What is the value score?

Value = our editorial quality estimate (0–100, weighted heavily) divided by your per-request cost at the current slider settings, normalized so the best model in view scores 100. It rewards capable-but-cheap models and updates live as you move the sliders — a model that wins at 400 output tokens may lose at 4,000. Quality estimates are editorial judgments blending public benchmarks and community evals, not an official benchmark.

Why do output tokens cost so much more than input tokens?

Generating a token requires a full forward pass through the model, sequentially, one token at a time — while input tokens are processed in parallel in a single pass. Output is therefore far more compute-intensive per token, and pricing reflects that. Practical upshot: setting a sensible max_tokens and asking for concise answers is one of the highest-leverage cost optimizations available.

How big a context window do I actually need?
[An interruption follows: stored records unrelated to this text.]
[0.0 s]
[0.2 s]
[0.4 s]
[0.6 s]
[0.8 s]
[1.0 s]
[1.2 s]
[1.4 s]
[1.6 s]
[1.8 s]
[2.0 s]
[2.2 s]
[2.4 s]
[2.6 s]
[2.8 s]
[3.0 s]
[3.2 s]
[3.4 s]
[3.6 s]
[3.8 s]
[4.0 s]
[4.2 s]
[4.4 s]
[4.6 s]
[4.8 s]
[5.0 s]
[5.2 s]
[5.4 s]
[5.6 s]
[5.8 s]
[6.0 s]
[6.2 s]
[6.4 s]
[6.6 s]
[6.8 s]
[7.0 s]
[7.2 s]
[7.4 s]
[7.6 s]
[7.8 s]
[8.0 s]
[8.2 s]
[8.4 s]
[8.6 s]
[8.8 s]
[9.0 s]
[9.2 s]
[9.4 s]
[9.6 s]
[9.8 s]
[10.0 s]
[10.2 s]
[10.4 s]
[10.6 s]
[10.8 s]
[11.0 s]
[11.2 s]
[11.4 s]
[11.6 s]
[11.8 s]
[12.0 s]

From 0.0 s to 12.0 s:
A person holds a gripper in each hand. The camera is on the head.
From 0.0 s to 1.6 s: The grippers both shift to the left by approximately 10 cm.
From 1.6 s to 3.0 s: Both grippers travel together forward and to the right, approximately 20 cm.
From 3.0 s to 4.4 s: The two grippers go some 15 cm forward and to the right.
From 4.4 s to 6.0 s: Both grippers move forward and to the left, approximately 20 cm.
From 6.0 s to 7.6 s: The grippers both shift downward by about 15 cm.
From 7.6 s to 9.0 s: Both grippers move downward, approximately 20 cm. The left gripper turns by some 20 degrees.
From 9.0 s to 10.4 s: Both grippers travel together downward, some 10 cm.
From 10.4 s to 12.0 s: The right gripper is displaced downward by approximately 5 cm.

Add up: system prompt + conversation history you keep + retrieved documents + the user's message + the maximum response you allow. For a typical chatbot that's 4K–32K tokens; for RAG over long documents, 64K–200K; for whole-codebase or book-length work, 500K+. Note that many models get slower and slightly less accurate near their context limit, and some providers charge premium rates above a threshold — so "fits" isn't the same as "optimal". The finder above highlights the cheapest model that clears your requirement.
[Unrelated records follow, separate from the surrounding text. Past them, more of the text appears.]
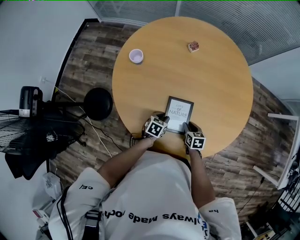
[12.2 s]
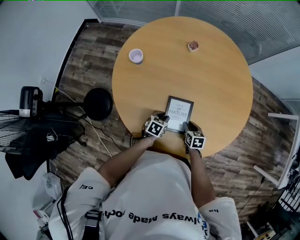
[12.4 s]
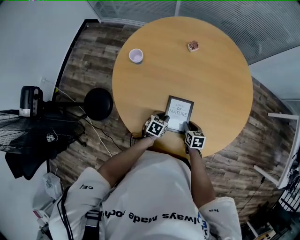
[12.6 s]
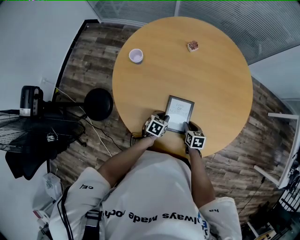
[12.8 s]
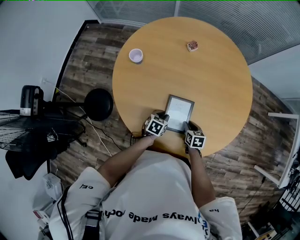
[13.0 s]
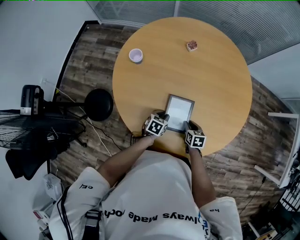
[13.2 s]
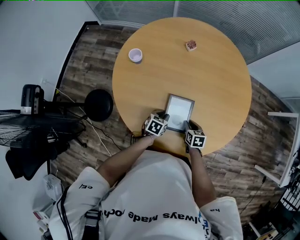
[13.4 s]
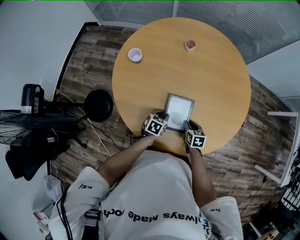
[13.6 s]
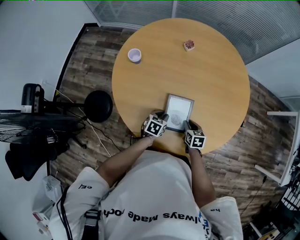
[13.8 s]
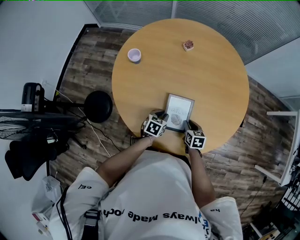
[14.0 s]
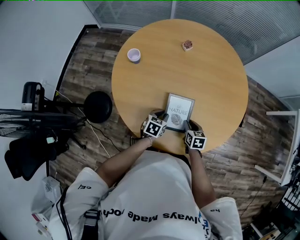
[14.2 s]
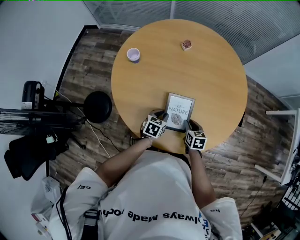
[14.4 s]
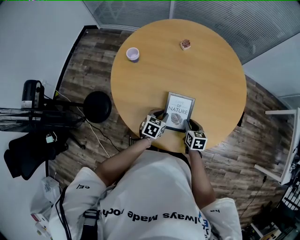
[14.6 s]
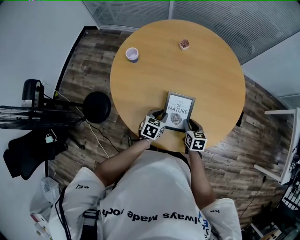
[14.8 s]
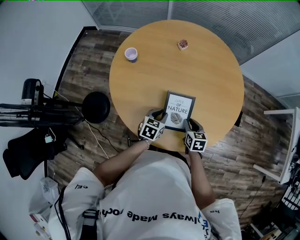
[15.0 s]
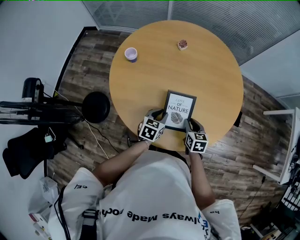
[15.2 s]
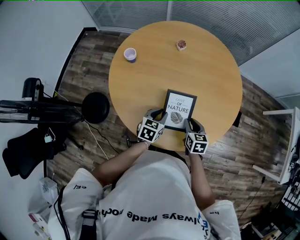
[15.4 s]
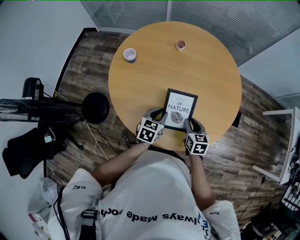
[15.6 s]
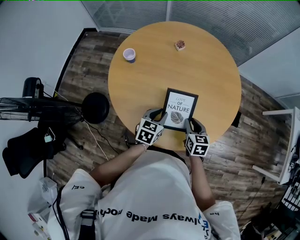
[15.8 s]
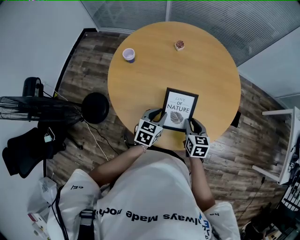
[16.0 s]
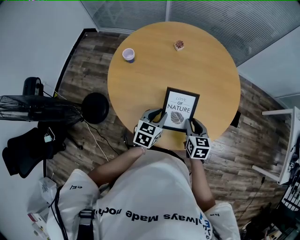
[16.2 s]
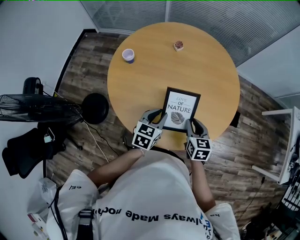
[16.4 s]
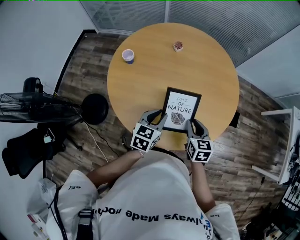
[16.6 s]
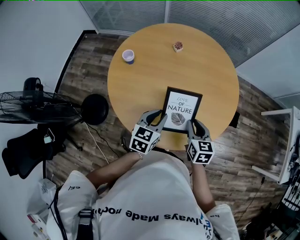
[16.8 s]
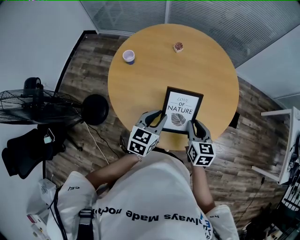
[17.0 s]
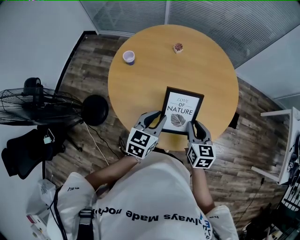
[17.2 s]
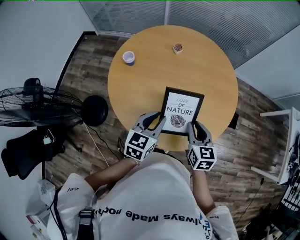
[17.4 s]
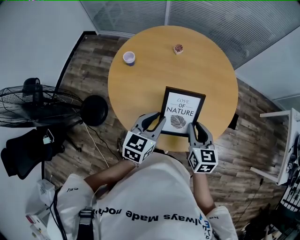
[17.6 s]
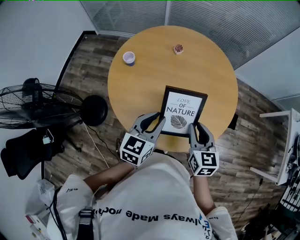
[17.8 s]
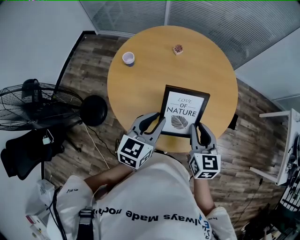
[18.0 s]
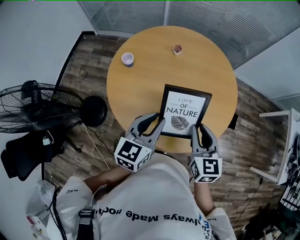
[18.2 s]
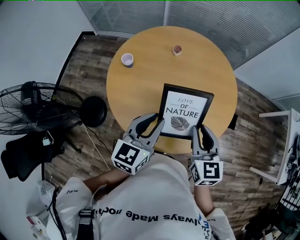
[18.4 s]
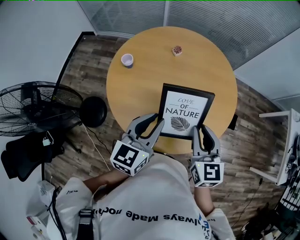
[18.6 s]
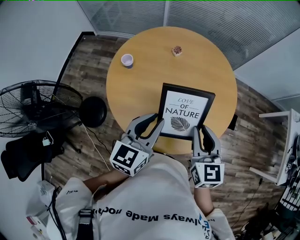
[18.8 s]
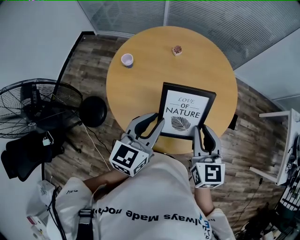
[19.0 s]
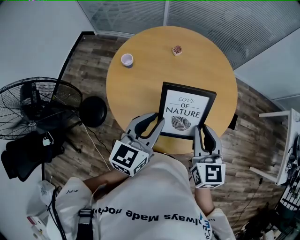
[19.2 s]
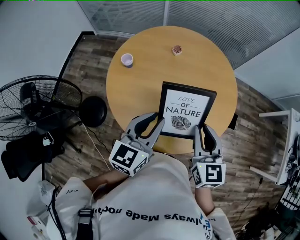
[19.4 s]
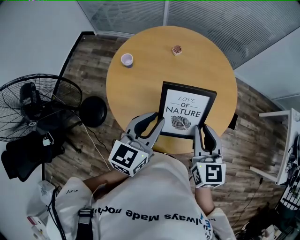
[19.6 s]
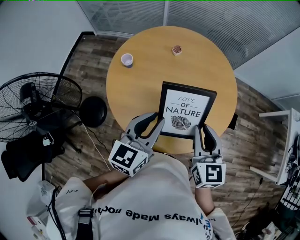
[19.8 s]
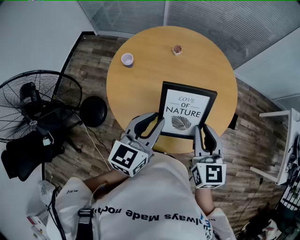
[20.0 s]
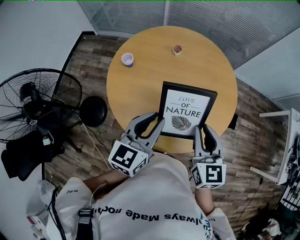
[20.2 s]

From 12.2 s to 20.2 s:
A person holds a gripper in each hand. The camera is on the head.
From 12.2 s to 13.8 s: The grippers stay close to where they were, moving slightly.
From 13.8 s to 15.4 s: Both grippers move upward, approximately 10 cm.
From 15.4 s to 17.0 s: The two grippers go about 15 cm upward.
From 17.0 s to 18.6 s: The grippers both shift upward by roughly 15 cm.
From 18.6 s to 20.2 s: The grippers move only a little.

How can I cut my LLM bill without changing models?

Five proven levers: (1) trim your system prompt — at 1,000 requests/day, every 100 tokens removed saves ~3M input tokens a month; (2) enable prompt caching for stable prefixes; (3) use batch APIs for anything that can wait an hour (usually 50% off); (4) cap and compress outputs — ask for bullet points, not essays; (5) add a router or cascade so cheap models handle the easy 60–80% of traffic. Observability tools (see sidebar) help you find which prompts are actually burning the budget.

Is my pasted prompt sent anywhere?

No. TokenTally is a fully static page — the tokenizer, calculator, chart and CSV export all run client-side in your browser. There is no backend, no analytics on your prompt text, and nothing is transmitted when you type or paste.

Estimates only. All prices, quality scores and projections on this page are editorial estimates for planning purposes — not quotes, not financial advice, and not affiliated with any model provider. Verify current pricing on each provider's official page before committing to a budget. Affiliate links may earn us a commission at no cost to you.